The model suggests that offering a 75% discount for the population with a monthly income under 2100 dollars would have a minimal impact on the market share for each alternative. The market shares for Beach, Pier, and Private Boat see extremely slight increases, whereas the market share for Charter Boat decreases very slightly. These small adjustments suggest that price sensitivity among low-income individuals may not be a dominant factor affecting choice in this market, or that the current model may not capture all relevant influences. It could also indicate that the low-income group either is a small segment of the overall market or has other barriers besides price that influence their choice of fishing experience. Overall, despite what might seem like a substantial discount, the market dynamics appear largely unchanged according to the model.

---
---

# 6) Due to poor weather conditions at sea, the fishing trips that go farther away from the coast (both private and charter boats) are going to cut their capture rate by half during the season. What would be the expected impact in the total revenue from fishing trips during the season (assume that everything else stays the same (the same fishers still go for a trip and the remaining variables do not change). Use your model in exercise 3.

In [19]:
fish_pd_3 = fish_pd.copy()
fish_pd_3['catch_boat'] *= 0.5
fish_pd_3['catch_charter'] *= 0.5

In [22]:
simulatedValues_adv = qbus_simulate_bgm(model_adv, betas, fish_pd)
simulatedValues_weather = qbus_simulate_bgm(model_adv, betas, fish_pd_3)

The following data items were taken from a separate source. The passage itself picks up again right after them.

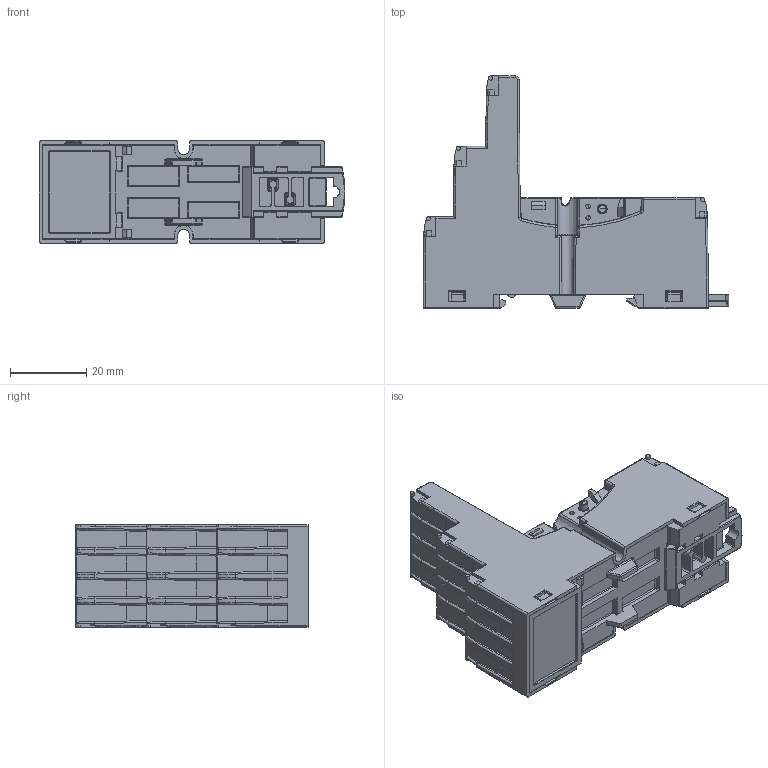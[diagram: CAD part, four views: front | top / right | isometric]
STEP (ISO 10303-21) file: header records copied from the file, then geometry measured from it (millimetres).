
FILE_DESCRIPTION((''),'2;1');
FILE_NAME('ASM0013_ASM','2020-11-16T',('marketing.praksa'),('Audax d.o.o.'),'CREO PARAMETRIC BY PTC INC, 2017480','CREO PARAMETRIC BY PTC INC, 2017480','');
FILE_SCHEMA(('AUTOMOTIVE_DESIGN { 1 0 10303 214 1 1 1 1 }'));
Products named in the file (96): OPEN_CASCADE_STEP_TRANSLATO-397; OPEN_CASCADE_STEP_TRANSLATO-980; OPEN_CASCADE_STEP_TRANSLAT-1875; OPEN_CASCADE_STEP_TRANSLAT-2770; OPEN_CASCADE_STEP_TRANSLAT-3353; OPEN_CASCADE_STEP_TRANSLAT-3702; OPEN_CASCADE_STEP_TRANSLAT-4213; OPEN_CASCADE_STEP_TRANSLAT-5748; OPEN_CASCADE_STEP_TRANSLAT-6934; OPEN_CASCADE_STEP_TRANSLAT-7283; OPEN_CASCADE_STEP_TRANSLAT-7794; OPEN_CASCADE_STEP_TRANSLAT-8305; OPEN_CASCADE_STEP_TRANSLAT-9517; OPEN_CASCADE_STEP_TRANSLA-11127; OPEN_CASCADE_STEP_TRANSLA-11642; OPEN_CASCADE_STEP_TRANSLA-11991; OPEN_CASCADE_STEP_TRANSLA-23556; OPEN_CASCADE_STEP_TRANSLA-35043; OPEN_CASCADE_STEP_TRANSLA-46507; OPEN_CASCADE_STEP_TRANSLA-57972; OPEN_CASCADE_STEP_TRANSLA-58657; OPEN_CASCADE_STEP_TRANSLA-60660; OPEN_CASCADE_STEP_TRANSLA-61993; OPEN_CASCADE_STEP_TRANSL-199093; OPEN_CASCADE_STEP_TRANSL-201127; OPEN_CASCADE_STEP_TRANSL-209779; OPEN_CASCADE_STEP_TRANSL-210493; OPEN_CASCADE_STEP_TRANSL-211028; OPEN_CASCADE_STEP_TRANSL-211663; OPEN_CASCADE_STEP_TRANSL-212377; OPEN_CASCADE_STEP_TRANSL-212490; OPEN_CASCADE_STEP_TRANSL-212933; OPEN_CASCADE_STEP_TRANSL-213273; OPEN_CASCADE_STEP_TRANSL-213386; OPEN_CASCADE_STEP_TRANSL-222108; OPEN_CASCADE_STEP_TRANSL-222335; OPEN_CASCADE_STEP_TRANSL-222562; OPEN_CASCADE_STEP_TRANSL-222789; OPEN_CASCADE_STEP_TRANSL-223503; OPEN_CASCADE_STEP_TRANSL-224039 ...
Assembly tree (95 placements, depth 3):
  ASM0013_ASM
    OPEN_CASCADE_STEP_TRANSLATOR_14_ASM
      OPEN_CASCADE_STEP_TRANSLATO-397
      OPEN_CASCADE_STEP_TRANSLATO-980
      OPEN_CASCADE_STEP_TRANSLAT-1875
      OPEN_CASCADE_STEP_TRANSLAT-2770
      OPEN_CASCADE_STEP_TRANSLAT-3353
      OPEN_CASCADE_STEP_TRANSLAT-3702
      OPEN_CASCADE_STEP_TRANSLAT-4213
      OPEN_CASCADE_STEP_TRANSLAT-5748
      OPEN_CASCADE_STEP_TRANSLAT-6934
      OPEN_CASCADE_STEP_TRANSLAT-7283
      OPEN_CASCADE_STEP_TRANSLAT-7794
      OPEN_CASCADE_STEP_TRANSLAT-8305
      OPEN_CASCADE_STEP_TRANSLAT-9517
      OPEN_CASCADE_STEP_TRANSLA-11127
      OPEN_CASCADE_STEP_TRANSLA-11642
      OPEN_CASCADE_STEP_TRANSLA-11991
      OPEN_CASCADE_STEP_TRANSLA-23556
      OPEN_CASCADE_STEP_TRANSLA-35043
      OPEN_CASCADE_STEP_TRANSLA-46507
      OPEN_CASCADE_STEP_TRANSLA-57972
      OPEN_CASCADE_STEP_TRANSLA-58657
      OPEN_CASCADE_STEP_TRANSLA-60660
      OPEN_CASCADE_STEP_TRANSLA-61993
      OPEN_CASCADE_STEP_TRANSL-199093
      OPEN_CASCADE_STEP_TRANSL-201127
      OPEN_CASCADE_STEP_TRANSL-209779
      OPEN_CASCADE_STEP_TRANSL-210493
      OPEN_CASCADE_STEP_TRANSL-211028
      OPEN_CASCADE_STEP_TRANSL-211663
      OPEN_CASCADE_STEP_TRANSL-212377
      OPEN_CASCADE_STEP_TRANSL-212490
      OPEN_CASCADE_STEP_TRANSL-212933
      OPEN_CASCADE_STEP_TRANSL-213273
      OPEN_CASCADE_STEP_TRANSL-213386
      OPEN_CASCADE_STEP_TRANSL-222108
      OPEN_CASCADE_STEP_TRANSL-222335
      OPEN_CASCADE_STEP_TRANSL-222562
      OPEN_CASCADE_STEP_TRANSL-222789
      OPEN_CASCADE_STEP_TRANSL-223503
      OPEN_CASCADE_STEP_TRANSL-224039
      OPEN_CASCADE_STEP_TRANSL-224765
      OPEN_CASCADE_STEP_TRANSL-225450
      OPEN_CASCADE_STEP_TRANSL-225677
      OPEN_CASCADE_STEP_TRANSL-225790
      OPEN_CASCADE_STEP_TRANSL-226233
      OPEN_CASCADE_STEP_TRANSL-226573
      OPEN_CASCADE_STEP_TRANSL-226686
      OPEN_CASCADE_STEP_TRANSL-235390
      OPEN_CASCADE_STEP_TRANSL-235617
      OPEN_CASCADE_STEP_TRANSL-235844
      OPEN_CASCADE_STEP_TRANSL-236071
      OPEN_CASCADE_STEP_TRANSL-236878
      OPEN_CASCADE_STEP_TRANSL-237770
      OPEN_CASCADE_STEP_TRANSL-238316
      OPEN_CASCADE_STEP_TRANSL-239031
      OPEN_CASCADE_STEP_TRANSL-239258
      OPEN_CASCADE_STEP_TRANSL-239371
      OPEN_CASCADE_STEP_TRANSL-239814
Bounding box: 80.38 x 61 x 26.9 mm (x, y, z)
Volume: 1805.7 mm3; surface area: 23292.7 mm2
Topology: 22 solids, 161 shells, 2972 faces, 8379 edges, 5351 vertices
Faces by surface type: plane 1286, cylinder 733, bspline 375, torus 357, sphere 126, cone 93, extrusion 2
Entity records: 157111 total; most frequent: CARTESIAN_POINT 37533, ORIENTED_EDGE 15218, DIRECTION 14431, PRESENTATION_STYLE_ASSIGNMENT 10724, STYLED_ITEM 10724, EDGE_CURVE 8180, CURVE_STYLE 7775, VERTEX_POINT 5355

revenue_adv = simulatedValues_adv.to_numpy() * fish_pd[['price_beach', 'price_pier', 'price_boat', 'price_charter']].to_numpy()
revenue_weather = simulatedValues_weather.to_numpy() * fish_pd[['price_beach', 'price_pier', 'price_boat', 'price_charter']].to_numpy()

print('previous revenue:', revenue_adv.sum())
print('revenue with bad weather:', revenue_weather.sum())

previous revenue: 109978.26653354138
revenue with bad weather: 115938.36533888773


The model suggests an unexpected outcome: despite a cut in the capture rate by half for trips that go farther from the coast (both private and charter boats), the total revenue from fishing trips during the season actually increases from approximately 109,978 to 115,938 units of currency. One possible explanation could be that with a lower catch rate, people may be inclined to spend more on fishing trips to meet their desired catch, thereby driving up total revenue. Alternatively, it might be the case that the model's parameters don't adequately capture the true price and catch sensitivity across the different alternatives, and therefore might not be a reliable predictor in such scenarios. However, if we assume the model is accurate, it implies that poor weather conditions, surprisingly, could have a beneficial impact on total revenue, despite lowering the attractiveness of private and charter boat options in terms of catch rate.